Back during the NAFTA debates, H. Ross Perot darkly warned that if NAFTA passed, we would see a drop in the peso, a "giant sucking sound," which would lure U.S. companies south of the border. Now, in the wake of Mexico's recent peso devaluation, it is not just Perot who is saying, "I told you so."
The cheaper peso means that wages will be even cheaper in Mexico, making it profitable for more companies to begin producing materials there. In turn, the devaluation of the peso means that Mexican companies will be able to be more competitive on the world market, thus taking away some of our share of manufacturing.
So, we are told, America is in trouble because of the lower peso. This is decidedly not the case. True, it is partly due to NAFTA that the peso has lowered, but only because NAFTA has forced Mexico to face some economic realities, not because of some plan to lure away American jobs. In fact, it is NAFTA which will enable Mexico to survive this crisis, even allowing both countries--the United States and Mexico--to come out ahead in the long run.
The peso has plummeted 35 percent since its initial devaluation on December 20th, from around four pesos to the dollar to, as of January 4, about 5.4 pesos to the dollar.

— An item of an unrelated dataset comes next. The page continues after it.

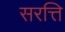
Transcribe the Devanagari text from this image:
सरत्ति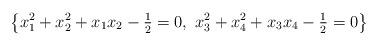
LaTeX: \begin{align*} \left\{ x_1^2 + x_2^2 + x_1 x_2 - \tfrac{1}{2} = 0,\ x_3^2 + x_4^2 + x_3 x_4 - \tfrac{1}{2} = 0 \right\}\end{align*}

In truth this was not totally unexpected. The four-to-one exchange rate that President Salinas kept in place was regarded as somewhat unrealistic, and Wall Street had been waiting for an announcement of devaluation.
This expensive peso meant that jobs were somewhat scarce, and thus contributed to some of the rural unrest. When the rebels seemed to be readying for a new round of attacks, President Zedillo decided to lower the peso by about 12 percent. Then, in a surprise to almost everyone, he allowed the peso to float against the dollar. Investors were used to being warned well in advance of a devaluation. This sudden move scared them, causing them to start unloading Mexican securities. The peso continued to drop.

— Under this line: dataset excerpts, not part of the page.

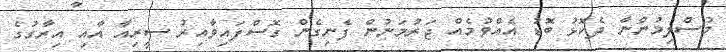
މުސްލިމުންނާ ދެކޮޅު ބޮޑު އެއްވުމެއް ޖަރުމަނުން ފެނިގެން ގޮސްފައިވާއިރު ސީރިއާ އާއި އިރާގުގެ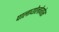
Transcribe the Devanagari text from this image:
पालायोलोगोस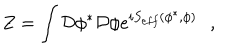
LaTeX: Z = \int { \cal D } \phi ^ { * } { \cal D } \phi e ^ { i S _ { e f f } ( \phi ^ { * } , \phi ) } \, \, \, \, ,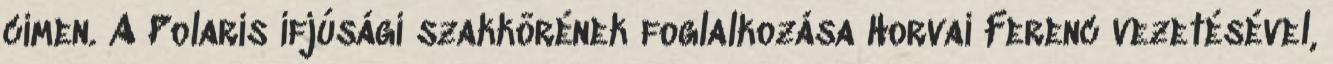
címen. A Polaris ifjúsági szakkörének foglalkozása Horvai Ferenc vezetésével,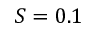
S = 0 . 1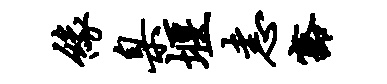
缘臬堰恚豁

The plunge in the peso has caused much panic, both within the Mexican government and among outside investors. President Zedillo has released a plan which he hopes will keep inflation at around 15 percent in the short term and have growth at around 1.5 to two percent. This is quite a bit different from the four percent inflation and four percent growth that had been predicted a month ago, before the devaluation. In addition, he hopes to cut government spending by about 1.3 percent. More ominously, though, nearly $8 billion in foreign investment has fled the country since the drop. This is about 12 percent of all foreign investment in Mexico.

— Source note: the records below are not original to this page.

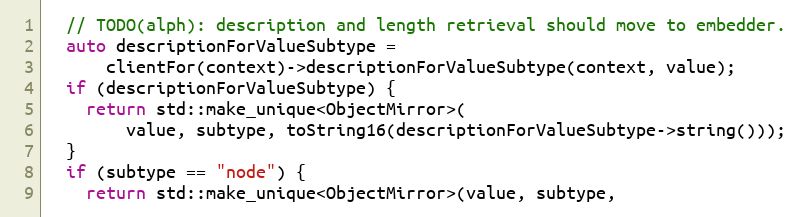
Language: C++
  // TODO(alph): description and length retrieval should move to embedder.
  auto descriptionForValueSubtype =
      clientFor(context)->descriptionForValueSubtype(context, value);
  if (descriptionForValueSubtype) {
    return std::make_unique<ObjectMirror>(
        value, subtype, toString16(descriptionForValueSubtype->string()));
  }
  if (subtype == "node") {
    return std::make_unique<ObjectMirror>(value, subtype,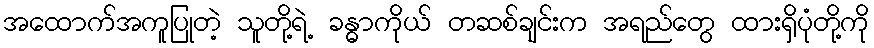
အထောက်အကူပြုတဲ့ သူတို့ရဲ့ ခန္ဓာကိုယ် တဆစ်ချင်းက အရည်တွေ ထားရှိပုံတို့ကို

So what Perot saw as an evil plan to suck away American jobs seems to have the Mexican government scared--and rightly so. Yet the result is quite different from Perot's original prediction. Perot had pictured a secret, planned devaluation, not an occurance which is clearly a function of the market. In fact, the sucking sound he envisioned has yet to materialize at all.
It is true that since NAFTA passed, U.S. imports from Mexico have grown from $7 billion to $40 billion, but at the same time our exports to Mexico grew from $8 billion to $42 billion. (Mexico's world-wide trade deficit is currently around $30 billion.) Mexico had large protectionist barriers before NAFTA, the removal of which has caused this growth in exports. The Commerce Department has credited NAFTA with creating 130,000 new jobs in the third quarter of 1994 alone. In addition, American consumers are now being provided with cheaper goods from Mexico.
It is NAFTA which will ultimately help Mexico get out of her crisis. Because of the devaluation, the country's goods will be cheaper. As a result, manufacturing should go up, creating jobs. (Incidentally, this increase in jobs should hold back the wave of illegal immigration that has also been predicted in the wake of a peso devaluation). NAFTA also guarantees Mexico a certain amount of foreign investment--which is much needed right now.
It will also not allow Mexico to set up trade barriers to protect its economy in the wake of this crisis.
This will benefit Mexico in the long run, by forcing it to remain competitive, and it will also help the U.S. because it will enable us to keep selling our products over the border to what will hopefully become a better-paid working class.
So NAFTA will be good to Mexico following this devaluation, but this does not mean that it will be bad for us. Trade is not a zero-sum game; now that we are in a free-trade zone, we benefit when Mexico benefits. And isn't that partly the goal of NAFTA anyway; to help improve life in Mexico through trade? We should enjoy our new connections with Mexico and be glad that we are in a position to help the country out of its currency crisis through trade and investment.
We should also be glad NAFTA has forced Mexico to face certain global economic realities. The expensive peso was unrealistic, but could be kept high under a protectionist economic policy.
Now that Mexico is becoming a larger player in the world economy, it has been forced to concede to currency market forces. By doing so, Mexicans should both create jobs and boost trade in their own country. Thanks to NAFTA, is should do the same in our country. The only true sucking sound is that between Perot's ears.